Multi-dimensional data processing and intelligent forecasting technologies for renewable energy generation

As the global demand for renewable energy continues to rise, efficient and intelligent management and forecasting of renewable energy generation have become a critical area of research. This study comprehensively explores the application of artificial intelligence (AI) technologies in multidimensional data processing and intelligent forecasting of renewable energy generation. By examining meteorological and spatiotemporal perspectives, it investigates multidimensional data processing techniques in the renewable energy sector, including data preprocessing, feature extraction, and multi-source data fusion, to address challenges posed by the complexity and variability of renewable energy generation data. Subsequently, the research investigates intelligent forecasting technologies across temporal and spatial scales through two complementary paradigms: deterministic forecasting models and probabilistic forecasting frameworks.
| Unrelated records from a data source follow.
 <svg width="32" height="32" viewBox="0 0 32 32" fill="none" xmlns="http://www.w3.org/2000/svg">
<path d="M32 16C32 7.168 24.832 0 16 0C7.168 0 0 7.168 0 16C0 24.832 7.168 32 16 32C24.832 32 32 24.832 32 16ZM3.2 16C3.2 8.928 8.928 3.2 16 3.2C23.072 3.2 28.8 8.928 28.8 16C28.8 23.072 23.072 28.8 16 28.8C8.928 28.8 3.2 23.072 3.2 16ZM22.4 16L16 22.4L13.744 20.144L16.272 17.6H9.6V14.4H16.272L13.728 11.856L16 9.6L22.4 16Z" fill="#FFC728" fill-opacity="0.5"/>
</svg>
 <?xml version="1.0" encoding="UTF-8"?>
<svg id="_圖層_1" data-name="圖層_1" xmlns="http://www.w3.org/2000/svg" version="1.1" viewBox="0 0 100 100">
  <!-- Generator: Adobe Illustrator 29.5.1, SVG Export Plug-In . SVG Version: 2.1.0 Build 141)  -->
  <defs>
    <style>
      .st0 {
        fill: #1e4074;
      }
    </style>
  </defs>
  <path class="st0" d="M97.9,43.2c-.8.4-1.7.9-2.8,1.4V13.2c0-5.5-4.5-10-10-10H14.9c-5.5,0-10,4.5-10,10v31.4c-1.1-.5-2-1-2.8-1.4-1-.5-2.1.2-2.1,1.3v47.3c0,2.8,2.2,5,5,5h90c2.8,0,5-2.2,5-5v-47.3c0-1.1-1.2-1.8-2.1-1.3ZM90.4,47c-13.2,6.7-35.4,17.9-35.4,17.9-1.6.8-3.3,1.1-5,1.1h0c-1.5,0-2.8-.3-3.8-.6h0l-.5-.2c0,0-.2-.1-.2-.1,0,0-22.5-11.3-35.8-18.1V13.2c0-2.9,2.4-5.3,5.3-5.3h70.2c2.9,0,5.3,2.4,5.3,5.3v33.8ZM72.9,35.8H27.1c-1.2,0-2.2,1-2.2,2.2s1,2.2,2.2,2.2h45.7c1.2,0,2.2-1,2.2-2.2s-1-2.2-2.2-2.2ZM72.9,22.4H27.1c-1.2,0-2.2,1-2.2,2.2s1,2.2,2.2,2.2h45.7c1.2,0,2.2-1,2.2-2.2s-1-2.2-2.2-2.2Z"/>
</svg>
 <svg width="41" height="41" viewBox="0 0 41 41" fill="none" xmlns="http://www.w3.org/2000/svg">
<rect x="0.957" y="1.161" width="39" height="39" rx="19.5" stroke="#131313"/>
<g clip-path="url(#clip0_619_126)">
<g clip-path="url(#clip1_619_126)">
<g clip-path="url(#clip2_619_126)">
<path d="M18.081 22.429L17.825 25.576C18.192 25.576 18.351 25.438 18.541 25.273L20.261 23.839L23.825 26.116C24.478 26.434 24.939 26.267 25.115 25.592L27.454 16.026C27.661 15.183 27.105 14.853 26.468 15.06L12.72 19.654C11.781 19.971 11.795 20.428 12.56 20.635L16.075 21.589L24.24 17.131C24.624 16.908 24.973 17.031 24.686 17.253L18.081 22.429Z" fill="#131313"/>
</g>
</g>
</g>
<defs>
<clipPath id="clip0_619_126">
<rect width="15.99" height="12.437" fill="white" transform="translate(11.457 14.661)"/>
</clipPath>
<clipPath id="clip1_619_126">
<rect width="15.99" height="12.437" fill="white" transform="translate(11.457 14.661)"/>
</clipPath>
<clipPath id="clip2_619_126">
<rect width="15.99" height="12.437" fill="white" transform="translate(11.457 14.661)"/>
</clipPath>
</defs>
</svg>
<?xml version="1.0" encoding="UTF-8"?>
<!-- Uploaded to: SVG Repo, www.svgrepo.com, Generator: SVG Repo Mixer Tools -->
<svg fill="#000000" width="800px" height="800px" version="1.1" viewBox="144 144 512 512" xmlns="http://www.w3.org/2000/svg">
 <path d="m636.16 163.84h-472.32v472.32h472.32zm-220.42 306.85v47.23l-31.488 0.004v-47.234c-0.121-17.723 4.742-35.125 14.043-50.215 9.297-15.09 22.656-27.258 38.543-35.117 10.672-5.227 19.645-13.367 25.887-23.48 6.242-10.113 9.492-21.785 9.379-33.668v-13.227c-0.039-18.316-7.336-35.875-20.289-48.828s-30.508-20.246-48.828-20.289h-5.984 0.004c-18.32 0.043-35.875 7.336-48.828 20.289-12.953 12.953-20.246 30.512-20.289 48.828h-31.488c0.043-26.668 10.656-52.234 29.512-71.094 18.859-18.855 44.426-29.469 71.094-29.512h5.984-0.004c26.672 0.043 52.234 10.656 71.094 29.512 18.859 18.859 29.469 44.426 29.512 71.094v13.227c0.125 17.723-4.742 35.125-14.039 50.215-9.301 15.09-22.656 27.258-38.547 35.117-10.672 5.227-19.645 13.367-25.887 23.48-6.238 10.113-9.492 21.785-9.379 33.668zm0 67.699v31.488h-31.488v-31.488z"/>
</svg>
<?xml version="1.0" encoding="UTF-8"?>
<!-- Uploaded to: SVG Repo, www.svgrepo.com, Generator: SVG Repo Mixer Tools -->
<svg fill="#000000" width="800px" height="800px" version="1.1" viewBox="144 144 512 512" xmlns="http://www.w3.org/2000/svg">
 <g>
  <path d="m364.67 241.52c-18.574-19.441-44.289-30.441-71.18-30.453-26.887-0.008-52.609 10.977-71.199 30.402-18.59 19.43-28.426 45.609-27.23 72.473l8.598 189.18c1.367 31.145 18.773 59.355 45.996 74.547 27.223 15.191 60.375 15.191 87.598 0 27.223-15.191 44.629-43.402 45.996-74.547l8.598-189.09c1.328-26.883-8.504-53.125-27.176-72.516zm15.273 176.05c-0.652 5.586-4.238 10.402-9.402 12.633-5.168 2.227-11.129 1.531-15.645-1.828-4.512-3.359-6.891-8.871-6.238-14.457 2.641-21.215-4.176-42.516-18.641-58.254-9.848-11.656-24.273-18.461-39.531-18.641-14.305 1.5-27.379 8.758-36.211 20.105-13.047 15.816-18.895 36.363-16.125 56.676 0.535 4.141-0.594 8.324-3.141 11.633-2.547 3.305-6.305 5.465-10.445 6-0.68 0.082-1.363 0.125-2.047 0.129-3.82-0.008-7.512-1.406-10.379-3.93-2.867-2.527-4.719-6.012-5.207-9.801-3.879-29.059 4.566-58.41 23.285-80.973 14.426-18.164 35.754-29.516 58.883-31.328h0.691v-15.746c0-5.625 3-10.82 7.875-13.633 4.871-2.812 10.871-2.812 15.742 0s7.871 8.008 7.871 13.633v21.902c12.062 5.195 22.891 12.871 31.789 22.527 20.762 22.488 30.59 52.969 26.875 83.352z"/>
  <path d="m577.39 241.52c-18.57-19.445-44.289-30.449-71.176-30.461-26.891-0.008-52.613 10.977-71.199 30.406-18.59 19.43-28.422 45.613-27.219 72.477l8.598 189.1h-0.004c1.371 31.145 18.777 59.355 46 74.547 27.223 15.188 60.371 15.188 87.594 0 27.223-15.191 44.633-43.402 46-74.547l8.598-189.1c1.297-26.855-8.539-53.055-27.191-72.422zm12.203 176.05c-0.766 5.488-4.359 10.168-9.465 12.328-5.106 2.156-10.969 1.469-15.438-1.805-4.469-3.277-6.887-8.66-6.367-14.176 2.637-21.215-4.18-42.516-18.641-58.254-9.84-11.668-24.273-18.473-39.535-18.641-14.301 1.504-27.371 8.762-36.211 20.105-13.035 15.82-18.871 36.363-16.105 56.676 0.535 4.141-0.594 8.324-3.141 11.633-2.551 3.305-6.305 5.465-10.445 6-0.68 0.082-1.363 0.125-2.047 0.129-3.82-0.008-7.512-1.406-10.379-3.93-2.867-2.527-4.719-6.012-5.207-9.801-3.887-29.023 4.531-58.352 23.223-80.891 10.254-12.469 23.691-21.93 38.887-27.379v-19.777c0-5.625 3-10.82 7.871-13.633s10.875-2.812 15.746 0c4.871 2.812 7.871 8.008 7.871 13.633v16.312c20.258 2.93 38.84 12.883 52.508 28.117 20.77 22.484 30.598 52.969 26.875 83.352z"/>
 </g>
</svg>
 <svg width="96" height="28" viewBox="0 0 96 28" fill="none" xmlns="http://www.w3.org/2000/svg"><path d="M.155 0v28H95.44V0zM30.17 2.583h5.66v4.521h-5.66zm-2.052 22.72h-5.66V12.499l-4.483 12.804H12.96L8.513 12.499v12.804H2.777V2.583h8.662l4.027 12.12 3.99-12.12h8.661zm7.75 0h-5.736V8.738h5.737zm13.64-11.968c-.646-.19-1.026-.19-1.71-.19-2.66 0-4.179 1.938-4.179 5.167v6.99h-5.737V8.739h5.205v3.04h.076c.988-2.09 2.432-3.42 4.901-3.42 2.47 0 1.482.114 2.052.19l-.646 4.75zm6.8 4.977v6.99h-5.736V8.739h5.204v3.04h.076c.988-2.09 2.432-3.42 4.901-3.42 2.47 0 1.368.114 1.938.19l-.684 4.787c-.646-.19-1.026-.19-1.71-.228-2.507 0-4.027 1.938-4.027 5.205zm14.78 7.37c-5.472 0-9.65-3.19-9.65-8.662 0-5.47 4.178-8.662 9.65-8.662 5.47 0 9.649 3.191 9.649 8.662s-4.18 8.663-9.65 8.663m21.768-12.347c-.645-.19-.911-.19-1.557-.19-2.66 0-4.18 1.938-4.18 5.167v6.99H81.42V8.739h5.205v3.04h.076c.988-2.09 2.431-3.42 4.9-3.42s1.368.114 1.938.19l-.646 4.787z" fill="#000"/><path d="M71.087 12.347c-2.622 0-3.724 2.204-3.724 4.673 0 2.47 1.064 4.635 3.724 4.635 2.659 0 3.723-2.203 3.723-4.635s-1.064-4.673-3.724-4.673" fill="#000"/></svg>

The analysis specifically emphasizes how machine learning (ML) and deep learning (DL) architectures enhance deterministic prediction accuracy by effectively handling nonlinear relationships in high-dimensional data, while novel probabilistic approaches leveraging neural networks and ensemble techniques demonstrate superior capabilities in quantifying prediction uncertainty—a critical advancement for operational risk management. Finally, the study summarizes the advantages and limitations of current technologies, discusses future research directions, and emphasizes the importance of enhancing the robustness and real-time performance of intelligent forecasting models. The objectives of this study are twofold: (i) to promote intelligent development in the renewable energy sector, and (ii) to provide new insights into renewable energy generation through data processing and forecasting.